I do not know what this weighed as I had no means of doing so, but I do know that it was a lot better than my original pack and made walking a lot better and more comfortable. It made 35k days a reasonable walk.
I will probably take pretty much the same next time but I would get a better fitting pack.
 
Camino(s) past & future
Camino Frances (2018)
A place to attach a trash bag when I am collecting pilgrim debris along the way. Can also be where I put wet, muddy sandals to dry.
I used them for both of these reasons! I also used one to clip my hat to the strap of my backpack if I wanted to take a break from wearing it for a bit and let my head breathe. They are lightweight plastic carabiners as well (not rated for climbing). If you had a different style of pack along, you may not need them.
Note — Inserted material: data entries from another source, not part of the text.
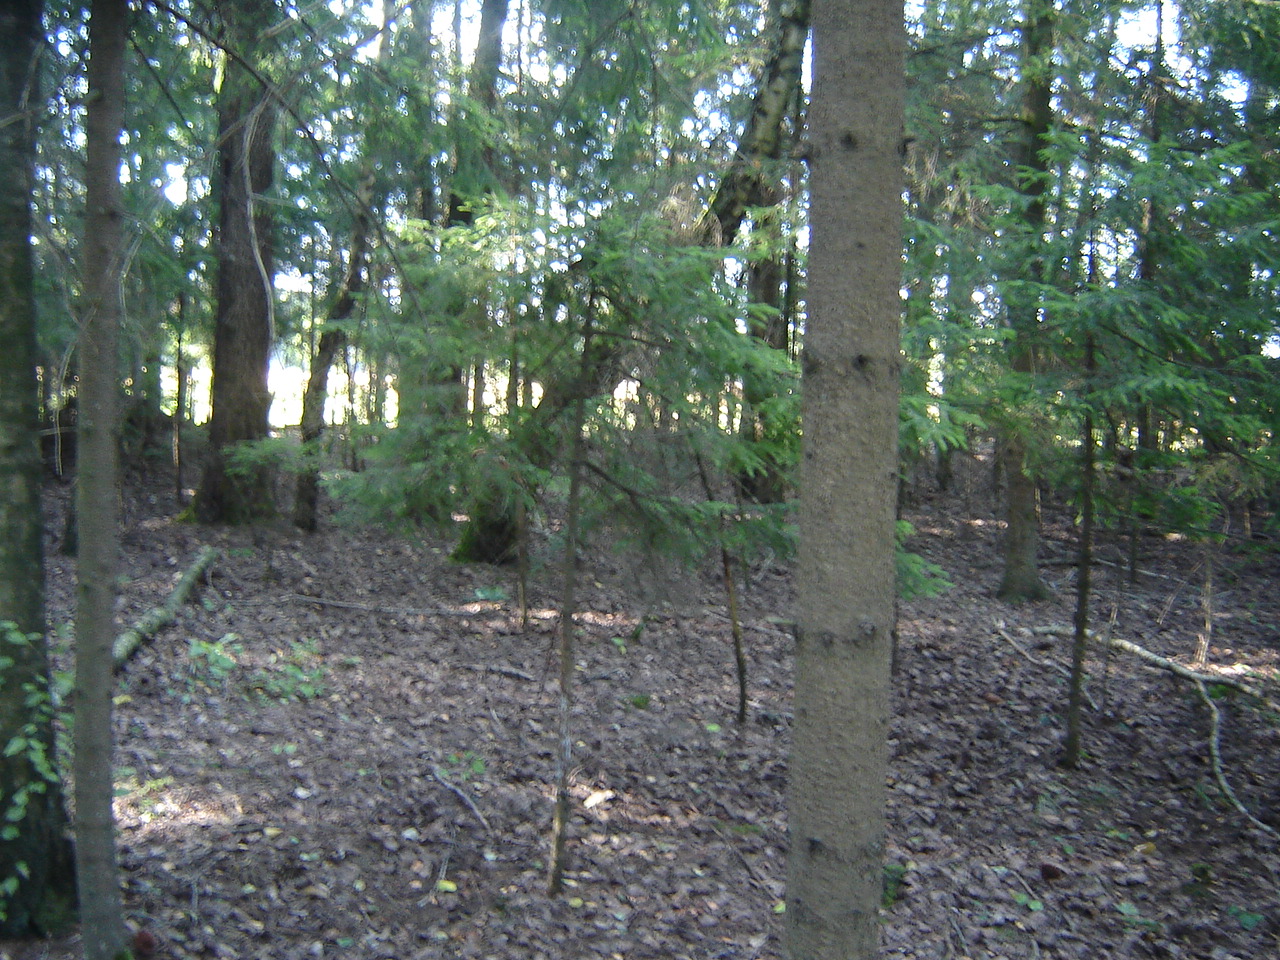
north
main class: Woodland
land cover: Spruce dominated mixed woodland
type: hemiboreal forest and nemoral coniferous forest and mixed broadleaved-coniferous forest
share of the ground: > 75 %
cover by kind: coniferous forest trees 60 %, broadleaved forest trees 30 %, herbaceous plants 5 %, unconsolidated bare surface 5 %
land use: Forestry
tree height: > 5 m
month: August
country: LT
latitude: 55.0363
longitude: 24.8974
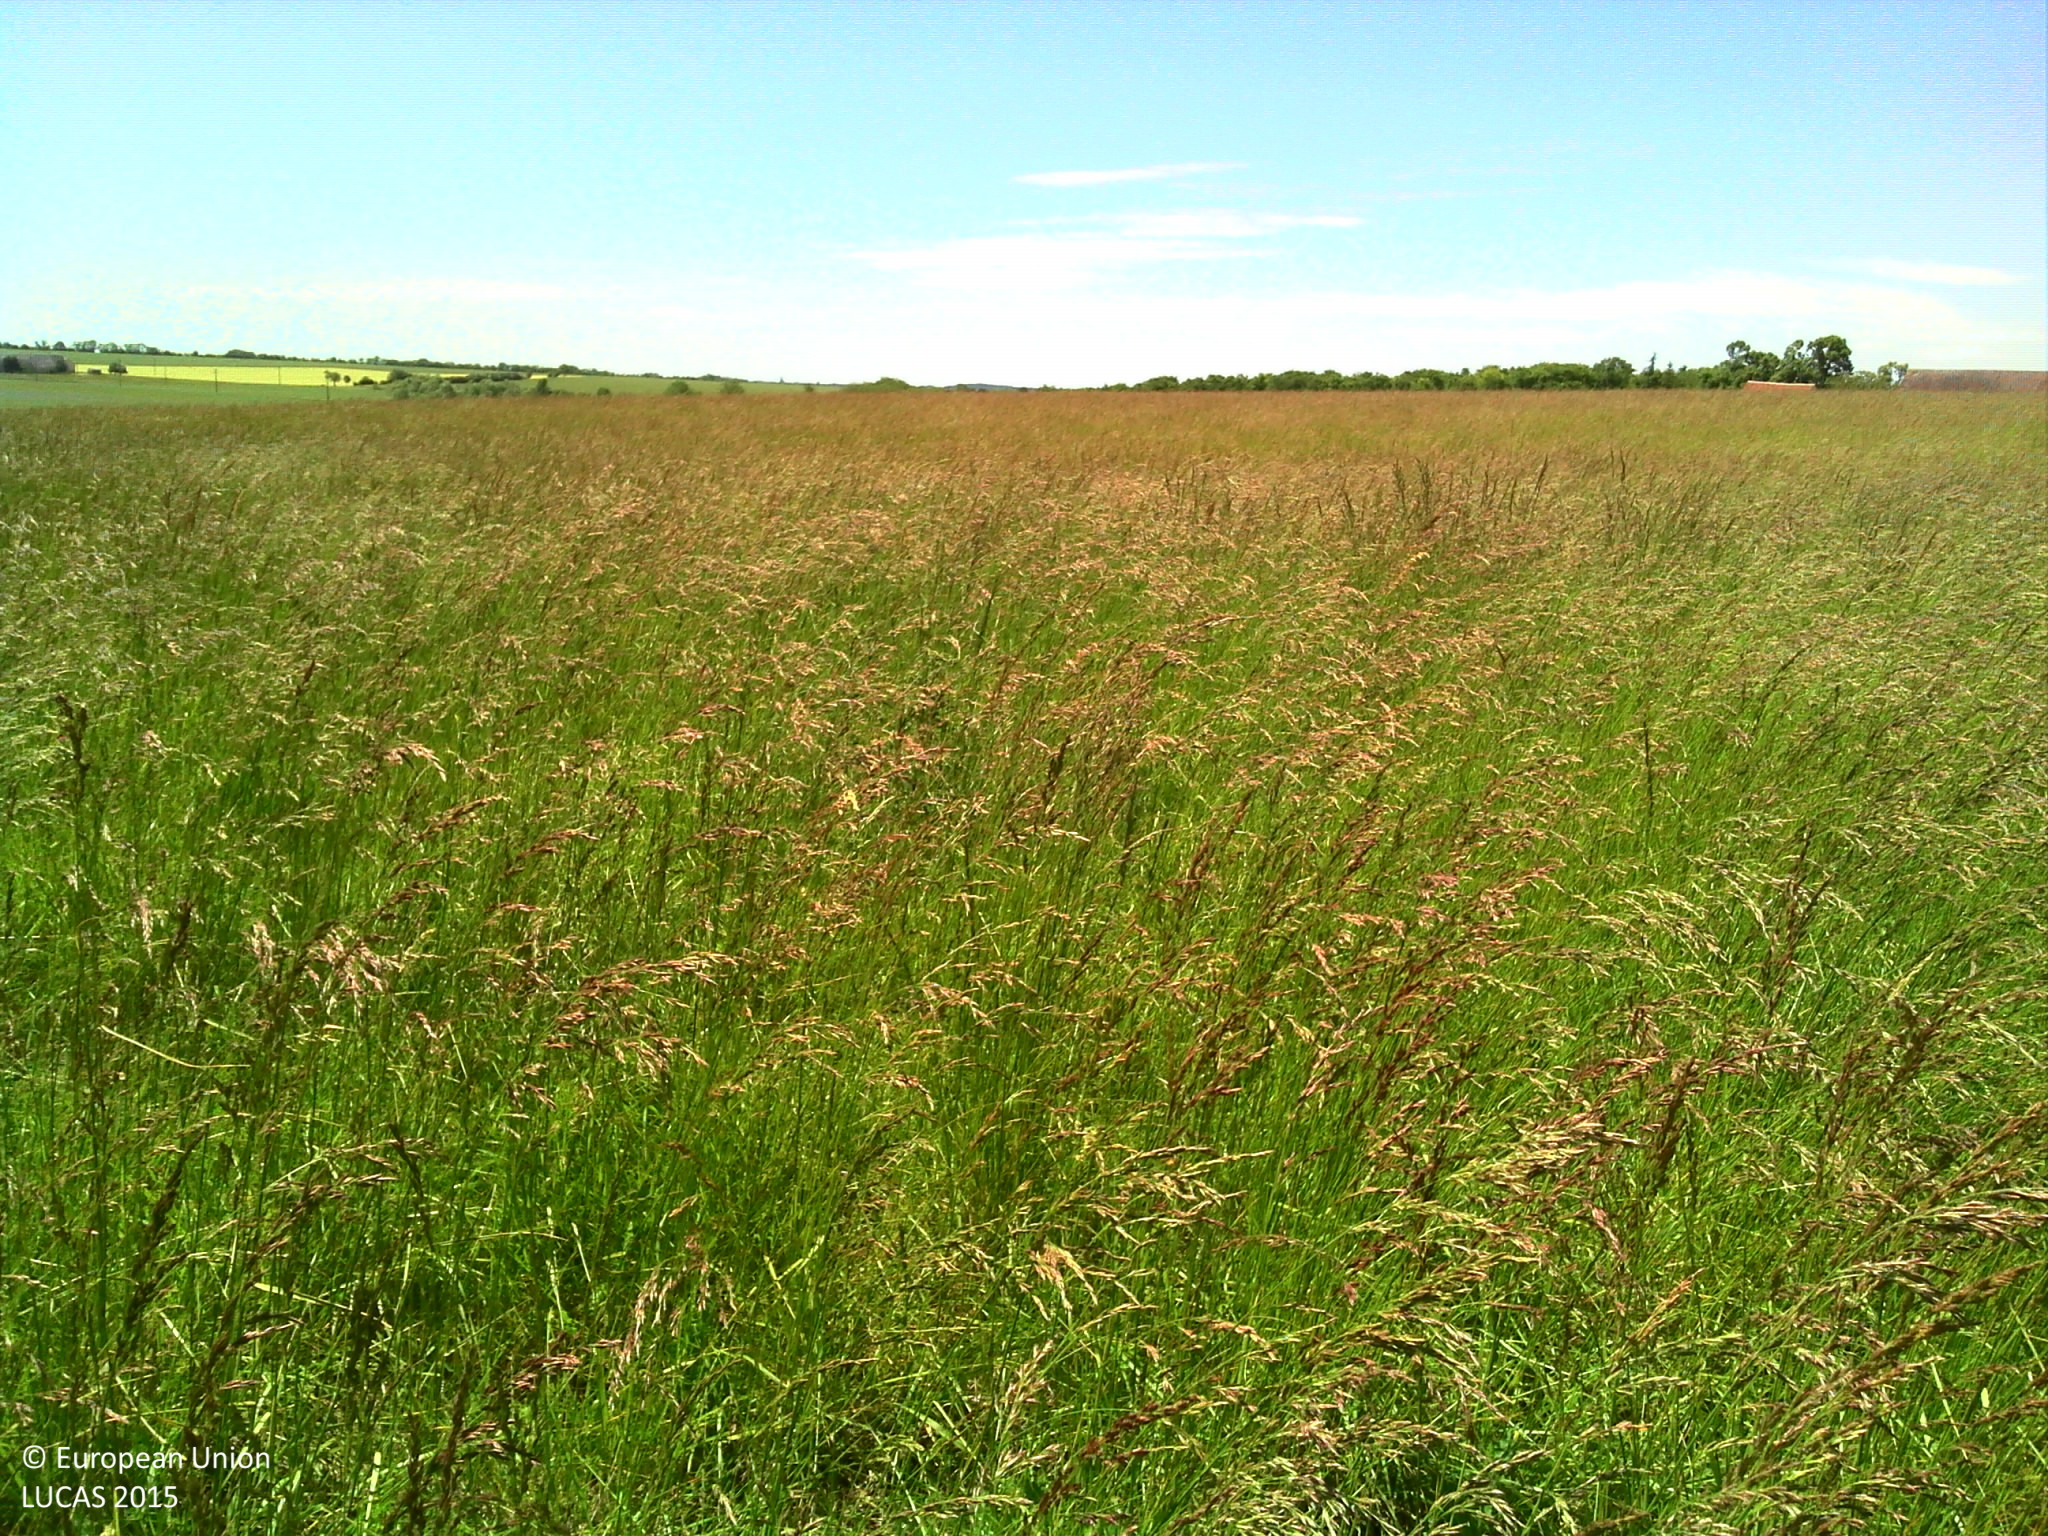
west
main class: Grassland
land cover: Grassland without tree/shrub cover
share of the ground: > 75 %
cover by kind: herbaceous plants 100 %
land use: Agriculture (excluding fallow land and kitchen gardens)
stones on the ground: 10 - 25 %
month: June
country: FR
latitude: 47.0642
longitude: 2.7659

My pack was 'single compartment' so muddy sandals would have made a mess if I could not clip them to the outside. My backpacking pack I have not has a mesh pocket and a few side pouches so things like that, so I wouldn't bring carabiners in that case.
 
Camino(s) past & future
Camino Frances (2018)
Thank you for posting such a thoroughly researched packing list, @spreadsheetdirtbags. This is going to be my new Camino go to packing list.
Glad to hear it! As I was reviewing it to put it together I was realizing where I could have trimmed even more - but that came from the experience of doing it (no way I could have known everything before going!) I plan to write a page or post that specifically lists 'things from my list that I would not bring if I went again' as right now that info is in there if you read all the descriptions, but is not 'quickly available' on a second read through.